I carry her with me now, inside these smaller clothes, these hollower cheeks.

7. I Miss the Woman Who Protected Me

She was strong. She carried so much. The version of me who wore that extra weight wasn’t lazy or broken—she was enduring. She was surviving. And she built a kind of armor that kept me safe when the world felt too harsh.

Now that she’s melting away, I feel both free and…strangely tender. I miss her sometimes. I miss her steadiness. Her ability to disappear in plain sight. I didn’t just lose weight—I lost a guardian.

And no one tells you how much that can hurt.

8. Visibility Feels Heavy Too

Yes, I’m receiving more attention—but not all of it feels good.
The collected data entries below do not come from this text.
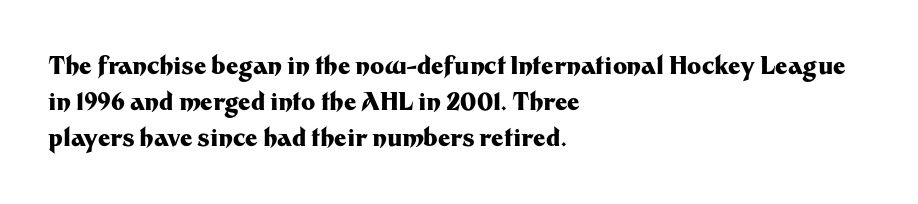
{"italic": "no", "bold": "yes", "underline": "no", "align": "left", "line_spacing": "normal", "line_spacing_ratio": 1.51, "letter_spacing": "normal", "letter_spacing_em": 0.0, "glyph_px": 24}
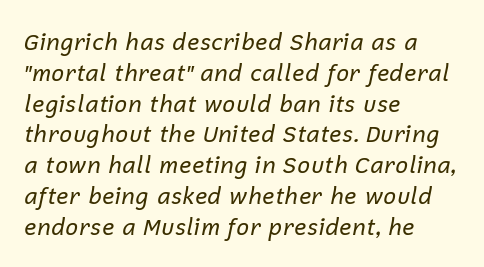
{"italic": "yes", "lean": "right", "slant_degrees": 12, "bold": "no", "underline": "no", "align": "left", "line_spacing": "normal", "line_spacing_ratio": 1.34, "letter_spacing": "normal", "letter_spacing_em": 0.0, "glyph_px": 23}
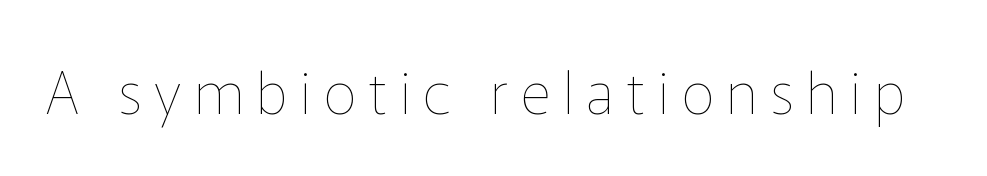
Q: Is the text bold? A: No.
Q: Is the text italic (slanted)? A: No, it is upright.
Q: Is the text underlined? A: No.
Q: Is the spacing between letters normal or unusually wide? A: Unusually wide.
Q: Width (condensed, normal, or wide)? A: Normal.
Q: Stroke contrast? A: Low.
Q: x-height? A: Medium.
Q: Monospaced? A: No.
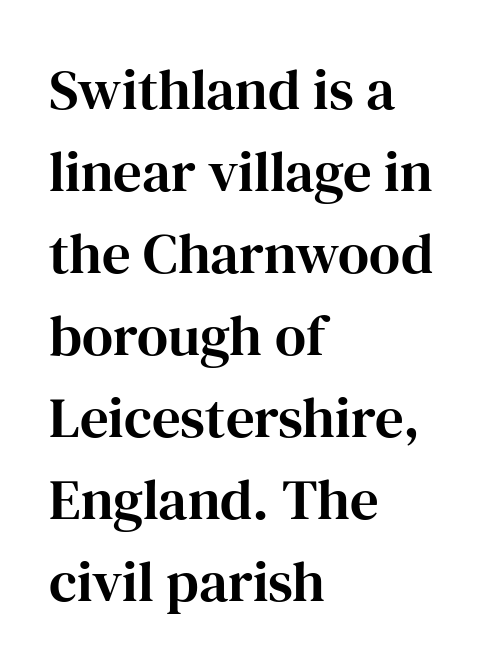
Q: Is the text italic (slanted)? A: No, it is upright.
Q: Is the typeface a serif or a sans-serif typeface? A: Serif.
Q: Is the text underlined? A: No.
Q: How is the paragraph aligned? A: Left-aligned.
Q: Is the spacing between letters normal or unusually wide? A: Normal.
Q: Is the spacing between lines tight, normal or loose? A: Normal.
Q: Width (condensed, normal, or wide)? A: Normal.
Q: Stroke contrast? A: High.
Q: x-height? A: Medium.
Q: Monospaced? A: No.
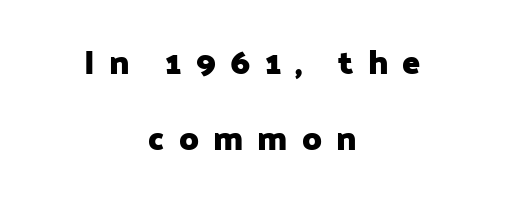
The image shows 33 px heavy sans-serif type, upright; set centered, loose line spacing (2.29x), unusually wide letter spacing (+0.43 em), not underlined; low stroke contrast and a medium x-height.
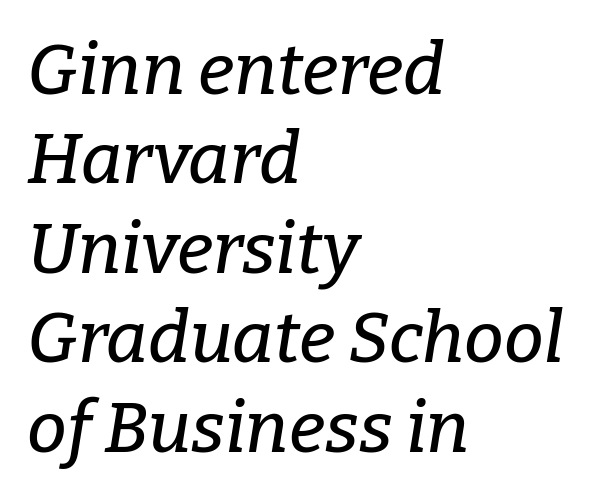
Compared with a centered layout, this one pins lines to the left instead. This rendering leaves character spacing at its baseline value. The line-height multiplier appears to be the usual default. Underlining? Definitely not there.

More eyes linger. More comments come. There’s a new kind of exposure I didn’t anticipate, and it doesn’t always feel safe.

When you’ve lived a long time tucked inside yourself, being seen so vividly, so suddenly, can feel like walking into bright light after years in the dark. It’s disorienting. Sometimes it feels like power. Other times, like pressure.

I’m still learning how to carry this new kind of visibility.

9. I Don’t Know Who This Body Belongs To

There are moments when I catch my reflection and do a double take—not because I look bad, but because I look…unfamiliar. I’ve spent years building a mental map of my body. Now, it’s outdated.

I’m still bumping into furniture, still reaching for sizes that no longer fit, still startled by the sharpness of my own silhouette. The truth is, I don’t quite recognize myself yet. This version of me is still a stranger. And every day, I learn a little more about how to live inside her.

10. My Skin Hangs Like a Memory

It doesn’t cling—it hangs. Loose and low, like empty sacks once filled with survival. The stretch marks shine silver, like lightning etched into flesh. They’re beautiful. They’re brutal.

I didn’t realize how much of me there was until it wasn’t me anymore—just the soft drape of skin that once held all the weight. It’s grief and gratitude at once. Grief for what was required to survive in the before. Gratitude that I don’t need the armor anymore.

But still—sometimes, I miss the shield.

This is not a weight loss success story. This is a shapeshifter’s story. A story of returning to the body and realizing it never left you—it just got buried under years of survival.

I share this not to be congratulated, but to bear witness to the complexity of change. Because healing is not always light. And losing what once held you can be both liberation and loss.

So to those navigating their own body transformations—slow or fast, chosen or not—I see you. And you’re not alone in the strange, sacred space of becoming.